Confidence in this Review

3-Expert (read the paper in detail, know the area, quite certain of my opinion)

Reviewer 3

Summary

The paper proposed a sequential forward selection style feature selection method which can identify high-order feature interactions. The authors also proposed binary representatives of features which makes their feature selection approach scalable. Empirical comparison is provided to support its superior performance.

Qualitative Assessment

[Technical quality] The experimental methods are appropriate, but more empirical experiments can be added. Also I expect more analysis over the experiments. [Novelty/originality] The methodology contained in this paper is incremental. [Potential impact or usefulness] The potential impact of the work is not particular influential, but considering high-order interaction in feature selection is an important research question. [Clarity and presentation] I think the overall presentation of the paper is ok, but the notations can be misleading in some places.
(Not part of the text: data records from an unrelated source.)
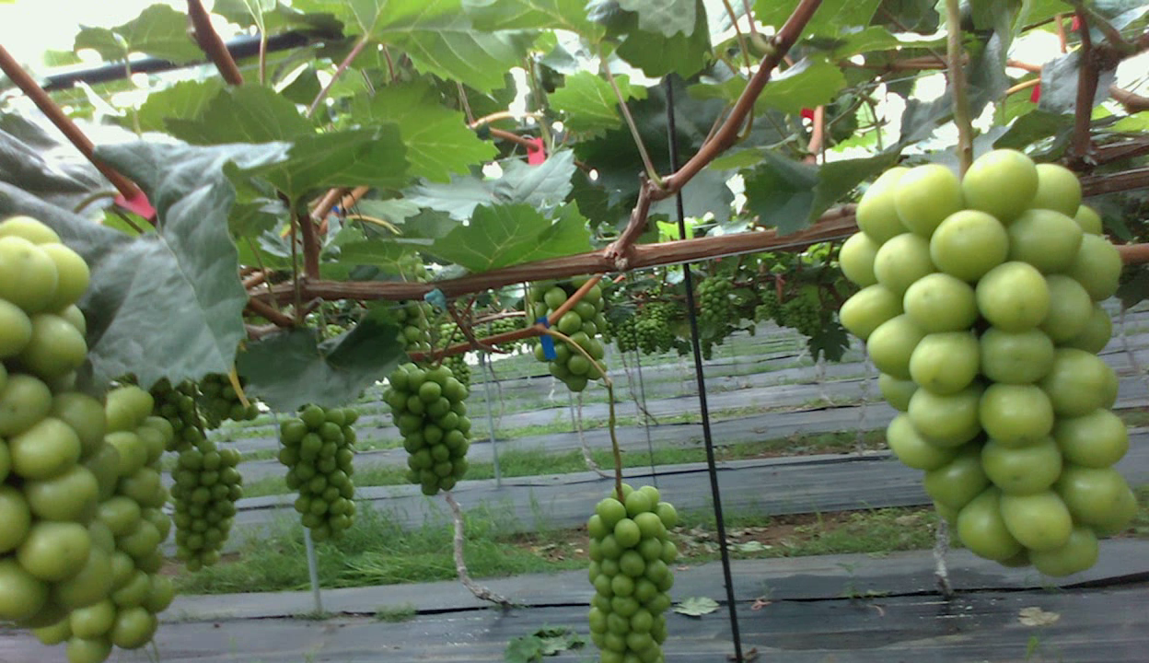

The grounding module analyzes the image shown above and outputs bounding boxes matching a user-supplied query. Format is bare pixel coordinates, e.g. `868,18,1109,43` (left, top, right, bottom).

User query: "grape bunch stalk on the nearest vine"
947,0,972,175
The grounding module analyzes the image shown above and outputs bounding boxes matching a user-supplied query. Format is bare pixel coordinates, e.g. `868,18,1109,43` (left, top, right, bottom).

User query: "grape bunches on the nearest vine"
33,386,177,662
837,147,1141,573
0,215,118,629
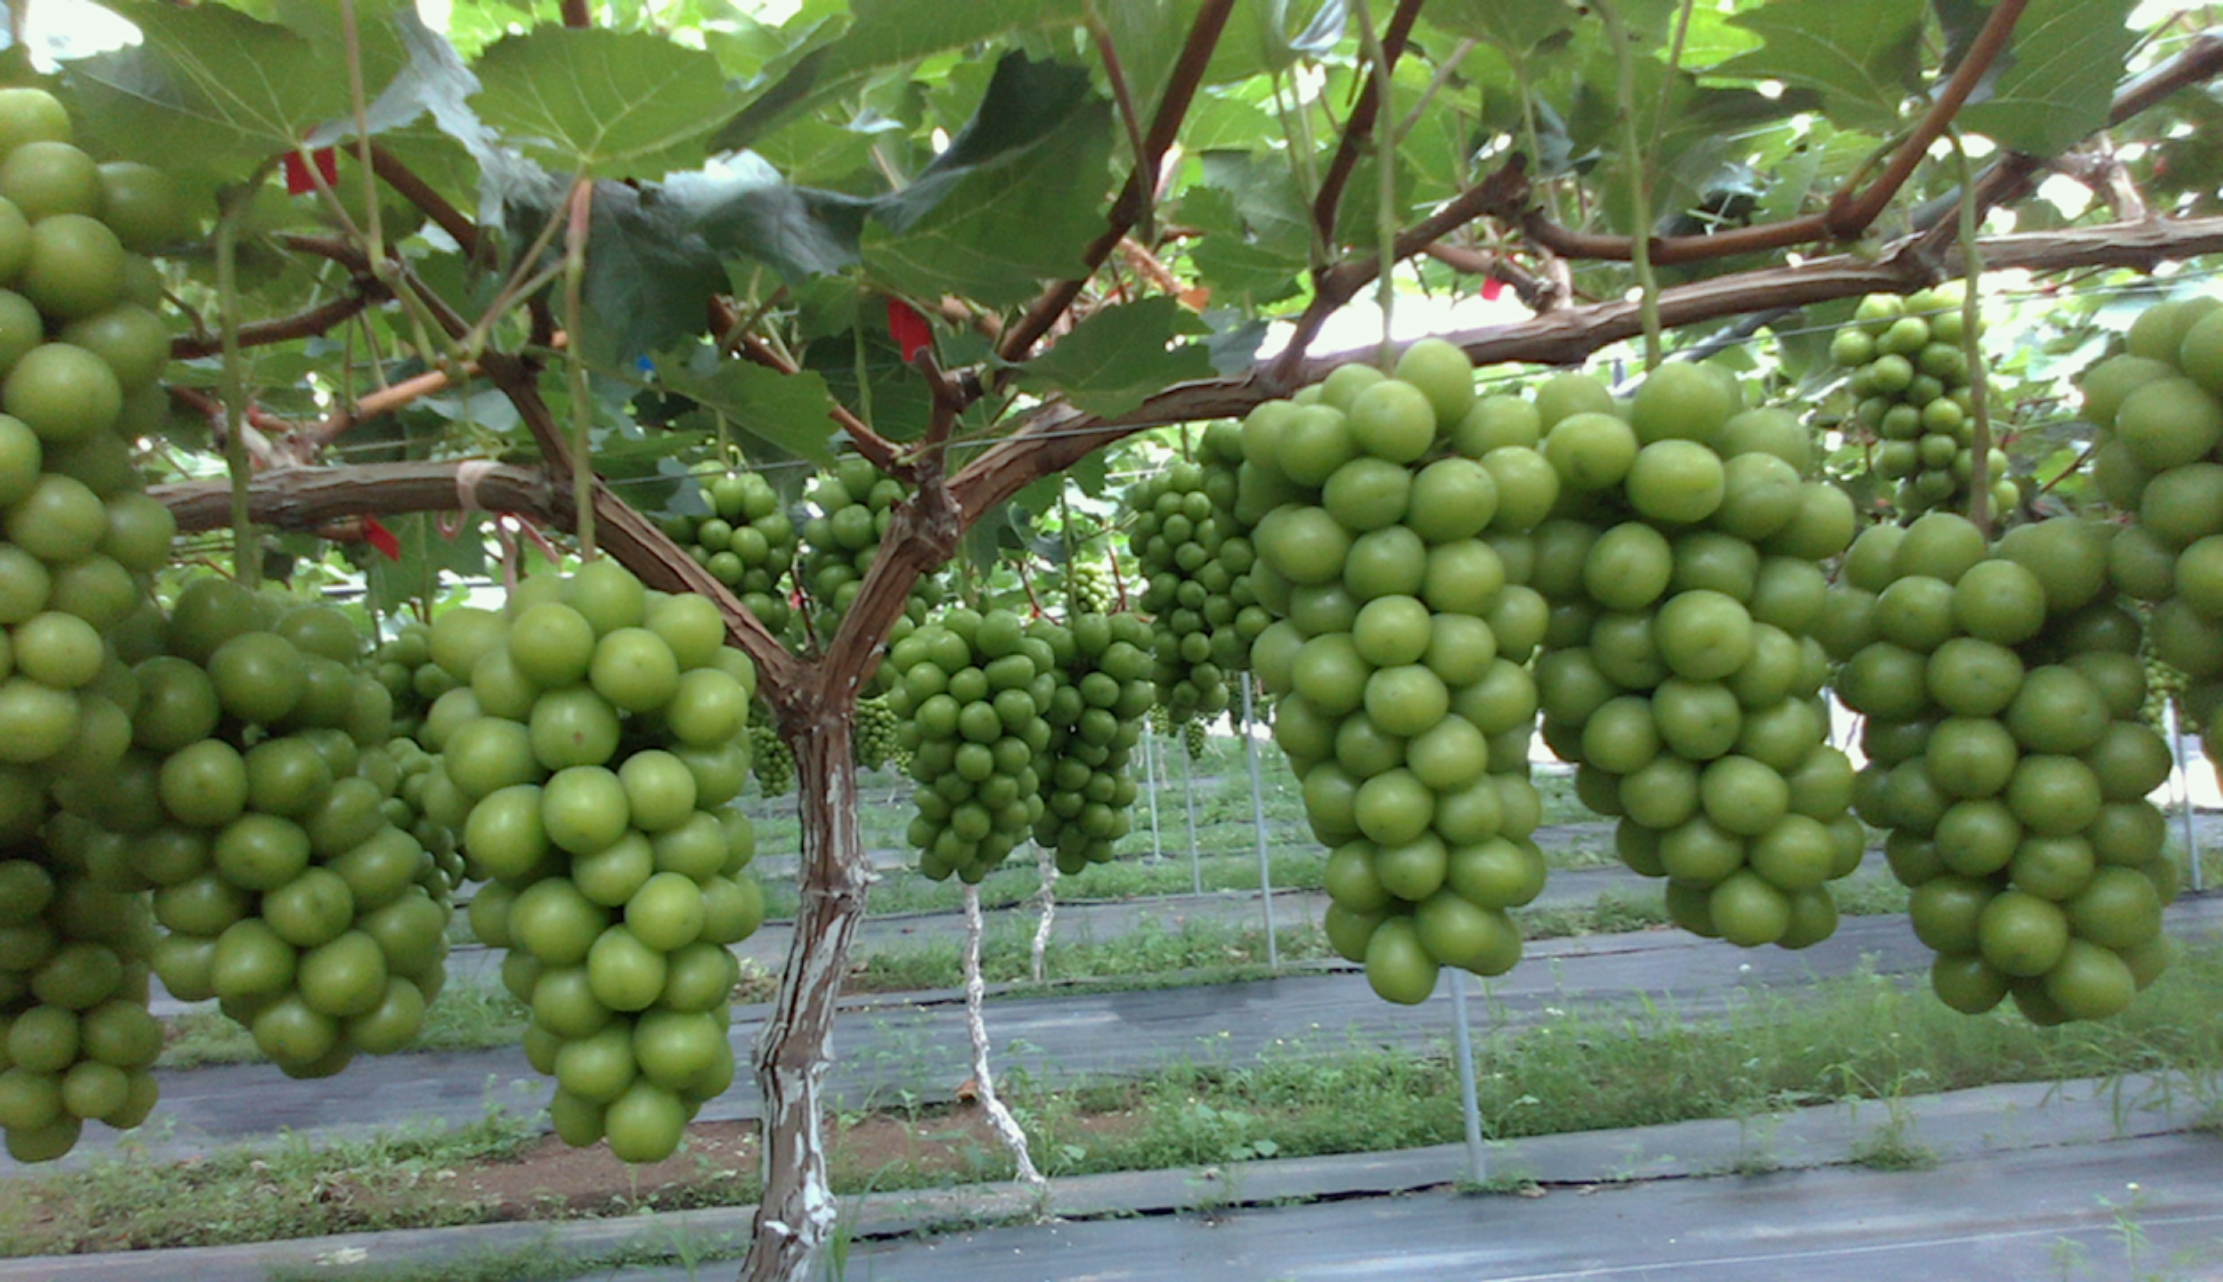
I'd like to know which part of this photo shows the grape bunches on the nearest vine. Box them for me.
[52,577,449,1077]
[1527,358,1863,947]
[2,771,166,1163]
[2082,294,2221,782]
[1815,513,2180,1017]
[2,89,180,766]
[1234,337,1562,1006]
[422,559,762,1163]
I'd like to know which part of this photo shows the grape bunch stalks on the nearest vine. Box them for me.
[1591,5,1660,377]
[214,151,283,584]
[1350,2,1395,376]
[1835,118,1993,534]
[563,180,597,561]

Although the authors states in Footnote 2 that I(f:g,h):=I(f;(g,h)), but I feel this abbreviation can lead to misunderstanding in many places. For example, in Section 3.1, it is much better to use I(c;{f,H}) rather than I(c;f,H). Also in their footnote 2, F={f_i}_{i=1}^{n} should be F=\cup_{i=1}^{n}{f_i}. The authors did a great job summarizing related work, but the following highly related work is missing. High-dimensional structured feature screening using binary Markov random fields. by Liu et al 2012 [Qualitative assessment] Rewriting the paper, especially improving the notations can be quite helpful. Adding more experiments is a good idea since the current empirical experiments are not intensive. I also wonder whether the authors can further explore whether submodularity can be used to understand their approach's theoretical behavior.

Confidence in this Review

3-Expert (read the paper in detail, know the area, quite certain of my opinion)

Reviewer 4

Summary

The paper introduces a feature selection algorithm, which claims the following contributions: 1) apply a two stage greedy search algorithm to MI. 2) utilization of binary representation of features They name their method as CMICOT. In comparison with various practical experiments, CMICOT demonstrates better performance than different related methods.

Qualitative Assessment

Several problems in this paper: 1) line 27, what is SBS based filters? 2) what's the y-axis of figure 1? Since this is the only experiment figure demonstrated in this paper, lacking of y axis makes me difficult in understanding the effectiveness of this work. Sometimes, these figures may represent a significant difference of 10, while it can also be negligible, such as 0.00001.

Confidence in this Review

2-Confident (read it all; understood it all reasonably well)

Reviewer 5

Summary

Authors propose CMICOT, a filter-based feature selection method that is able to discover interactions between more than 3 features -- which is a common bottleneck in the higher orders able to be captured.

Qualitative Assessment

Submission reads very cleanly and the authors build their argument for the proposed approach well placing it clearly with respect to the general challenges of the domain and existing literature. Formalization of the approaches are provided. However, this work is a little light in evaluation. Although a number of datasets are presented performance is aggregated to the point identifying how (i.e., magnitude of outperformance) and why (underlying reasons for the benefits) are unclear. Additional results seen in the appendix but the material presented within the page limit is, in of its self, lacking. Figure 1 in particular does not have a y-axis to interpret the relative performance gaps.

Confidence in this Review

1-Less confident (might not have understood significant parts)